→ **Records excerpted from a collection**

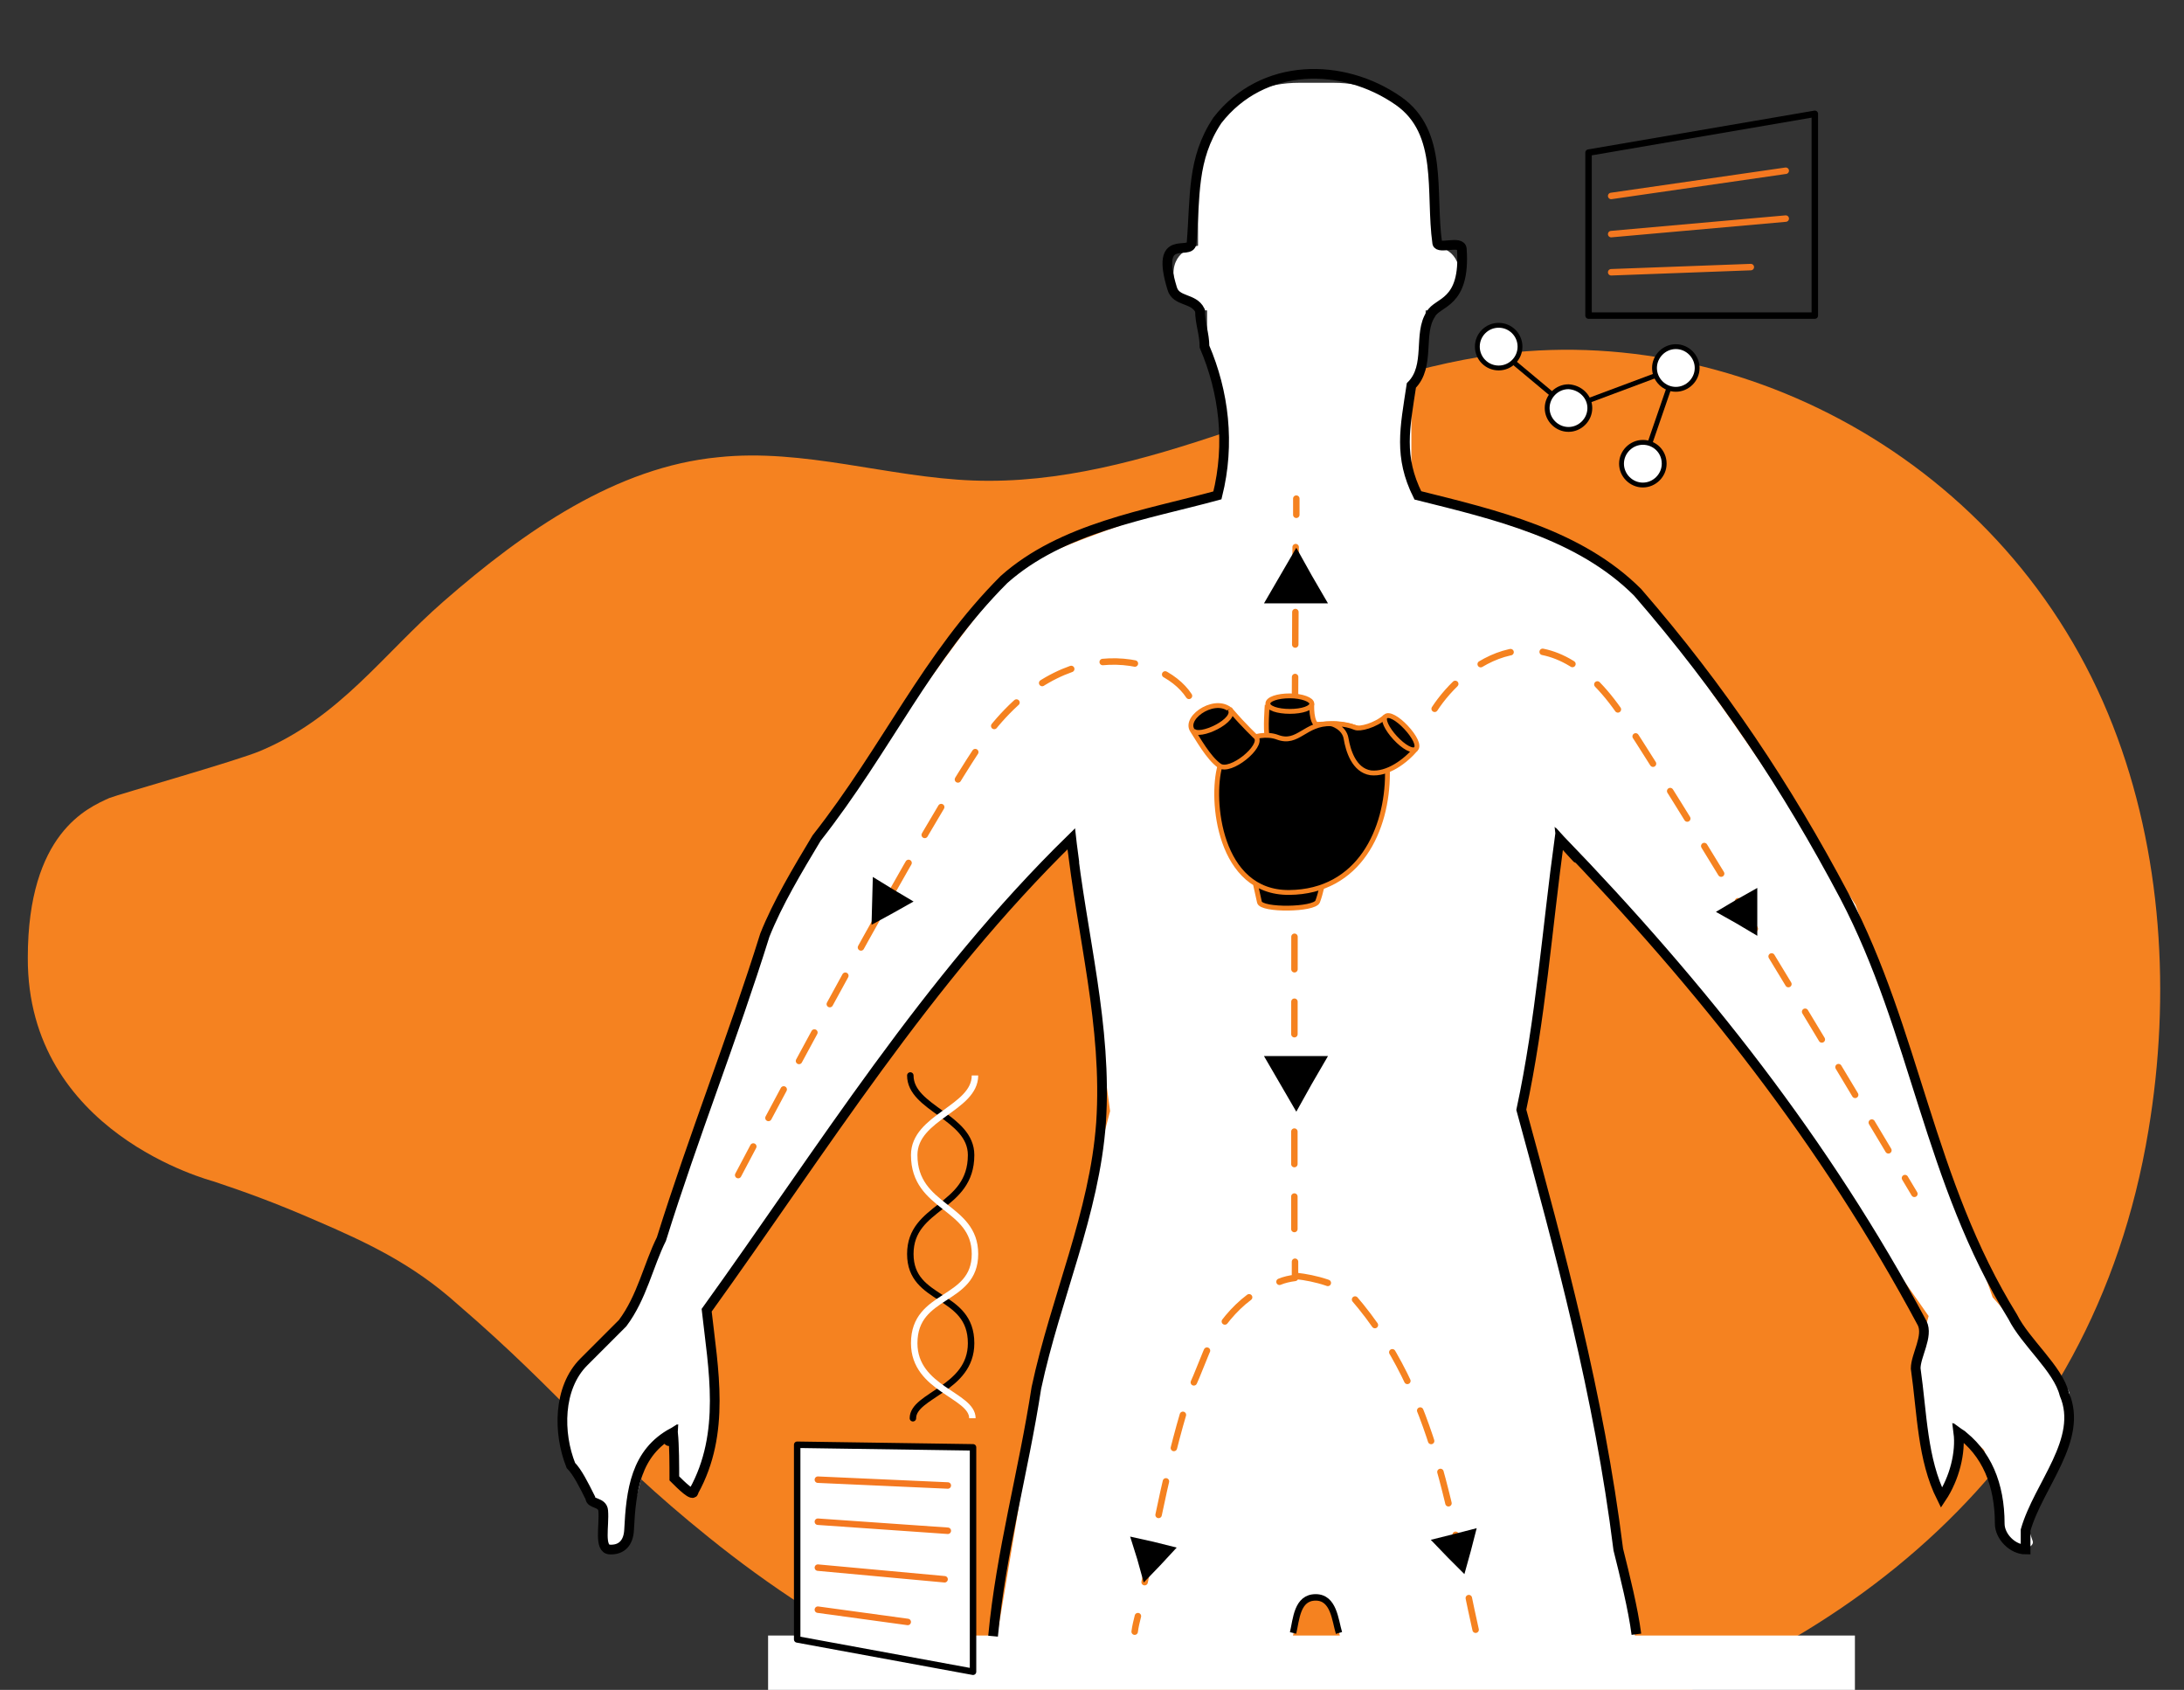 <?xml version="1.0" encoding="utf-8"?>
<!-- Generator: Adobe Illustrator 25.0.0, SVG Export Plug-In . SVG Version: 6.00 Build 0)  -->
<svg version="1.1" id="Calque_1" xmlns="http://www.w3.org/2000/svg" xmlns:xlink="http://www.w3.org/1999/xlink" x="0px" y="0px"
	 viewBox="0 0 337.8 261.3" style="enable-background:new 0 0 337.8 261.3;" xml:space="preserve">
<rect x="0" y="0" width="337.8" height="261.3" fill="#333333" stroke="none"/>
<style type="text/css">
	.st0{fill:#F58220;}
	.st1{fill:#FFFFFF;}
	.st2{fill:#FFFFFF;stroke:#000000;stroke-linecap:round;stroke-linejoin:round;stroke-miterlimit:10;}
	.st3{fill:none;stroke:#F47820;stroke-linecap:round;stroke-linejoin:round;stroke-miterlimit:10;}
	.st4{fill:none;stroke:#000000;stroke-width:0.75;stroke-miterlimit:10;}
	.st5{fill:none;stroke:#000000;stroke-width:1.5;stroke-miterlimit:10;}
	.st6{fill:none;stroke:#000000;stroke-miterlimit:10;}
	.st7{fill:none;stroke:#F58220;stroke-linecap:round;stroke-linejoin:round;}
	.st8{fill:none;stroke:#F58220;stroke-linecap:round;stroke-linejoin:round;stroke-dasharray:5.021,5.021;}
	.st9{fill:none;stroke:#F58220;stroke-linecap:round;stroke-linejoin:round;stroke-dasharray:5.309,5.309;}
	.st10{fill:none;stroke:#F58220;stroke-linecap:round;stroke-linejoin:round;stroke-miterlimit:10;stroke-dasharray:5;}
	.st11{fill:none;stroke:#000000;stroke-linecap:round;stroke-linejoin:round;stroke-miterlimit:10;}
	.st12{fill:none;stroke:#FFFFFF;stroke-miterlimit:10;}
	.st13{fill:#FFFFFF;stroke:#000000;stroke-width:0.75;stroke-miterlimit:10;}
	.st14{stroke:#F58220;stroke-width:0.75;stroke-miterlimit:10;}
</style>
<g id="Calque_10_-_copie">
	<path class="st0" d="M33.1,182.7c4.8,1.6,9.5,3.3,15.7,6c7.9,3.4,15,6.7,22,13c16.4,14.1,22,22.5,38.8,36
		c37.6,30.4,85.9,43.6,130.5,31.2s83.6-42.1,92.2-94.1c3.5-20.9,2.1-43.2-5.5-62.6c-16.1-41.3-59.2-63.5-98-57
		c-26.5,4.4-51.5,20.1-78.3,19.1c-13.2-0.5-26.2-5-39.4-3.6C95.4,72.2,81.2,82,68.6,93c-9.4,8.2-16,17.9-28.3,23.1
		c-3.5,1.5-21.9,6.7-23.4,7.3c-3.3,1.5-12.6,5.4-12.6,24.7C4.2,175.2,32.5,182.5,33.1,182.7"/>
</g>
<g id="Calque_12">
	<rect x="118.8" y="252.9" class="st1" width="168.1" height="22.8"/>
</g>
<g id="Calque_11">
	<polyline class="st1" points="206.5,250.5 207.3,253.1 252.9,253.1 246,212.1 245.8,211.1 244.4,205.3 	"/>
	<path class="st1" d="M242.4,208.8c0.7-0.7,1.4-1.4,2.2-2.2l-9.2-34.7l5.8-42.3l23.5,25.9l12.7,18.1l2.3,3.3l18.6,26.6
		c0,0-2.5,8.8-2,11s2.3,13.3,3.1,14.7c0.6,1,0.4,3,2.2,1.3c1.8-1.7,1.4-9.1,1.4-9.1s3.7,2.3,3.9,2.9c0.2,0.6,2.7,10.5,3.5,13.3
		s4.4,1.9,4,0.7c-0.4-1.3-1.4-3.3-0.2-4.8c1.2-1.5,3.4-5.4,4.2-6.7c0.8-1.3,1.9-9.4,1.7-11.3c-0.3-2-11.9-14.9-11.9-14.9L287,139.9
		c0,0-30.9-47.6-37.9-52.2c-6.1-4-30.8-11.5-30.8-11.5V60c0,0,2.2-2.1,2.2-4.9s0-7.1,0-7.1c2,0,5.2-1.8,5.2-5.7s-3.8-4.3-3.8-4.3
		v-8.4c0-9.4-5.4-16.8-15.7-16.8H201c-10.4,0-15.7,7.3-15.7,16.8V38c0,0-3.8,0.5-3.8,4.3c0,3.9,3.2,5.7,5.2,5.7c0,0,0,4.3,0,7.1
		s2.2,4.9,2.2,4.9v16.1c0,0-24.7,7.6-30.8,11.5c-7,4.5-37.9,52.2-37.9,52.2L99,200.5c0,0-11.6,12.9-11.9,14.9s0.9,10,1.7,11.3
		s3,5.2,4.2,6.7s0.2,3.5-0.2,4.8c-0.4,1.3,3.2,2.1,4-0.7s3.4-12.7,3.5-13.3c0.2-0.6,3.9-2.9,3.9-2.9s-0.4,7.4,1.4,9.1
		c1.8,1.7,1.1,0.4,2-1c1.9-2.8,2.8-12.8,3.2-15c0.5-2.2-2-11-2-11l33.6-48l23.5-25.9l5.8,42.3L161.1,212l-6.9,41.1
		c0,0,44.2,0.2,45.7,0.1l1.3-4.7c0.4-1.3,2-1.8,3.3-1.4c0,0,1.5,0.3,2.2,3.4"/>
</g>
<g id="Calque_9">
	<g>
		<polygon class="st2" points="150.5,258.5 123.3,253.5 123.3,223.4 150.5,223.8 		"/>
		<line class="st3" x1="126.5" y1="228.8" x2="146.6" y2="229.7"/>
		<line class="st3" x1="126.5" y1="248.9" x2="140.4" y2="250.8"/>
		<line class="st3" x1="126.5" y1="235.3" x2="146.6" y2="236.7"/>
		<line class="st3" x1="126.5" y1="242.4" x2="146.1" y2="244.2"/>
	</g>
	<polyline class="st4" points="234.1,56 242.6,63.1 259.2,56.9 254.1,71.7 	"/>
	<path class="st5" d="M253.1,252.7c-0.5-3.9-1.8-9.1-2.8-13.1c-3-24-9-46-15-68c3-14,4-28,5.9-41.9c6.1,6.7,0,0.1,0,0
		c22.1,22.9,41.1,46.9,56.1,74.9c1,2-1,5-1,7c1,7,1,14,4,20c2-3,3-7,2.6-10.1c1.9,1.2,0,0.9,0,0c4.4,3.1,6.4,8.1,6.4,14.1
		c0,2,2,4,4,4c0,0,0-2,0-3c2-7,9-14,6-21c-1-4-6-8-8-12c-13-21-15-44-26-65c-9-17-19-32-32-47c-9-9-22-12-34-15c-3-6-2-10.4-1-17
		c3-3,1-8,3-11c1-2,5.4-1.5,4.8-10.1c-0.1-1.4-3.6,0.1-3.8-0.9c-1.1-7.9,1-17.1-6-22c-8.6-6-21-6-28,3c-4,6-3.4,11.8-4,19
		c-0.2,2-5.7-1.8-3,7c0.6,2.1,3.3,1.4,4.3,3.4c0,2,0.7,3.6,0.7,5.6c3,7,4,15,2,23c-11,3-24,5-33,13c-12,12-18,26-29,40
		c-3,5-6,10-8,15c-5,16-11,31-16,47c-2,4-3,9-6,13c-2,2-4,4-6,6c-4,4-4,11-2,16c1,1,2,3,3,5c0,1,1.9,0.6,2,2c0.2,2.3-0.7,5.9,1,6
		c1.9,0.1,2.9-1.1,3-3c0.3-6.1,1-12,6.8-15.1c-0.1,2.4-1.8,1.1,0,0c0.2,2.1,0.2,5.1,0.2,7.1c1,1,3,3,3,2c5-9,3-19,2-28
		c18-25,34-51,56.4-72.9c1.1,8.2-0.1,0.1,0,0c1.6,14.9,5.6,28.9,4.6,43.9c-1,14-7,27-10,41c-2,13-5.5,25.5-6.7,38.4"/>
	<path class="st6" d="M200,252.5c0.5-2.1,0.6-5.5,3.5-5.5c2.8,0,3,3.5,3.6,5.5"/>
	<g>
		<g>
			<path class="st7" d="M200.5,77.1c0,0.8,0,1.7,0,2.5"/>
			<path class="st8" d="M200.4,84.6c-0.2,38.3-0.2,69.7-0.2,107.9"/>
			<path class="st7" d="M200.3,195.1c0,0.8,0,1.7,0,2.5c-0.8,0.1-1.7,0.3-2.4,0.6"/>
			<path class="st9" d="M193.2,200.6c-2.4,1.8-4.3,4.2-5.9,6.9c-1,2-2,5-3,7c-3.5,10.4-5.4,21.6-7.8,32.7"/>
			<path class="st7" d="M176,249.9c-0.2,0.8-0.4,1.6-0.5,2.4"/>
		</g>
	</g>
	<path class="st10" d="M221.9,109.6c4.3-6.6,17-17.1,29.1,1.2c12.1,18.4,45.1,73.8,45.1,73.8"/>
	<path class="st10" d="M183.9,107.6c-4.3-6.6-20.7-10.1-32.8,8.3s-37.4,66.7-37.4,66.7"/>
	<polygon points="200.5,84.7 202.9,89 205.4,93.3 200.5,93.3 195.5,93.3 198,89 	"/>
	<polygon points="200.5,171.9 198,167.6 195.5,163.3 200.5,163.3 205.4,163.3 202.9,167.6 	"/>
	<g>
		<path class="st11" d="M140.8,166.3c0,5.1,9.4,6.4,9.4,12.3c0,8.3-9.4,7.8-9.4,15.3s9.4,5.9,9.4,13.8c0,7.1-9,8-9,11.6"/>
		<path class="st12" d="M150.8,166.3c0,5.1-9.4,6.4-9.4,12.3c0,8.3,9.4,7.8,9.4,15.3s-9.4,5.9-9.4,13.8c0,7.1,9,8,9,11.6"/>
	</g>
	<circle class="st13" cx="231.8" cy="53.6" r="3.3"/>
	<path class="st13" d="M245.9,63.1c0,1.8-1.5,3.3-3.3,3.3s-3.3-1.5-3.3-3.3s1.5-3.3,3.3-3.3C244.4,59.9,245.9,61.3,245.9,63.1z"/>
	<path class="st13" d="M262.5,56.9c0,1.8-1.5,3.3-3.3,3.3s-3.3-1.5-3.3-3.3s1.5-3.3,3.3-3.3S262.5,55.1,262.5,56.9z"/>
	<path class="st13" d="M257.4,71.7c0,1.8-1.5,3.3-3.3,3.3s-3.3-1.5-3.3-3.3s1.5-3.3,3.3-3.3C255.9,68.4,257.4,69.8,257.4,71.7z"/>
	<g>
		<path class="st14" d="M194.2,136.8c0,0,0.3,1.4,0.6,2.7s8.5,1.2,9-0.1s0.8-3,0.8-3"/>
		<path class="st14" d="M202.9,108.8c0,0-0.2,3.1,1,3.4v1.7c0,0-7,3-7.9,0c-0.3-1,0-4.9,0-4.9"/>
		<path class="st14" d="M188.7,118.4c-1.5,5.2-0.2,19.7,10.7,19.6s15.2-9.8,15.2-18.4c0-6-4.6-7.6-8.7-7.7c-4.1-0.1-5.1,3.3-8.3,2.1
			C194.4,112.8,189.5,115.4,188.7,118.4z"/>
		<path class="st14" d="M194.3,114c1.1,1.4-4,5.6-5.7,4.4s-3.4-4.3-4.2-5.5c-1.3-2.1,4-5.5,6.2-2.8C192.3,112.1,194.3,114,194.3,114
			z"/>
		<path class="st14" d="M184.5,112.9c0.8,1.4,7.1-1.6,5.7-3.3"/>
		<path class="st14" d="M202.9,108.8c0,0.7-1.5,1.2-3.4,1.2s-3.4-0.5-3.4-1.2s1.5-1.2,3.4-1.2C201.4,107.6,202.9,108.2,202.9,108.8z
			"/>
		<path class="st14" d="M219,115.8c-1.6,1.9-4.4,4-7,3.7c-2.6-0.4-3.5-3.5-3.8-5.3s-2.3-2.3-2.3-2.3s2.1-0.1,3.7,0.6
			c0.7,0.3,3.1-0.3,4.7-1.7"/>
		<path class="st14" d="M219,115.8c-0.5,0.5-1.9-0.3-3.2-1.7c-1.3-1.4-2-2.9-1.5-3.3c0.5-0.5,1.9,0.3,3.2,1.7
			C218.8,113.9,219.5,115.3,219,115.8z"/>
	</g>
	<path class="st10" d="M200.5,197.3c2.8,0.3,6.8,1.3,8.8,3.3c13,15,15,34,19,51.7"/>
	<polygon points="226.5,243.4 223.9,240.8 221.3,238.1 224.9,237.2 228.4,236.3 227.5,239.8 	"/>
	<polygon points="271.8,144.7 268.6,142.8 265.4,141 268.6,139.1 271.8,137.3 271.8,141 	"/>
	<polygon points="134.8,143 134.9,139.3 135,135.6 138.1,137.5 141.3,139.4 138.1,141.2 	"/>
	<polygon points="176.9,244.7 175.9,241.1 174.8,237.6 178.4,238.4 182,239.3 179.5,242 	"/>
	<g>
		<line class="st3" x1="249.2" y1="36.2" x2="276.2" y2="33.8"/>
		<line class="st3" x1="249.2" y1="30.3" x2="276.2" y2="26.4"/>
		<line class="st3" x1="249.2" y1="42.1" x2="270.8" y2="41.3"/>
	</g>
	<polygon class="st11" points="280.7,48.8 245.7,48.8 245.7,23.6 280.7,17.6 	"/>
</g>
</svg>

→ **Work item**
Only lines holding the word "style" are wanted, so copy each of them from the records above.

→ **Result below**
	 viewBox="0 0 337.8 261.3" style="enable-background:new 0 0 337.8 261.3;" xml:space="preserve">
<style type="text/css">
</style>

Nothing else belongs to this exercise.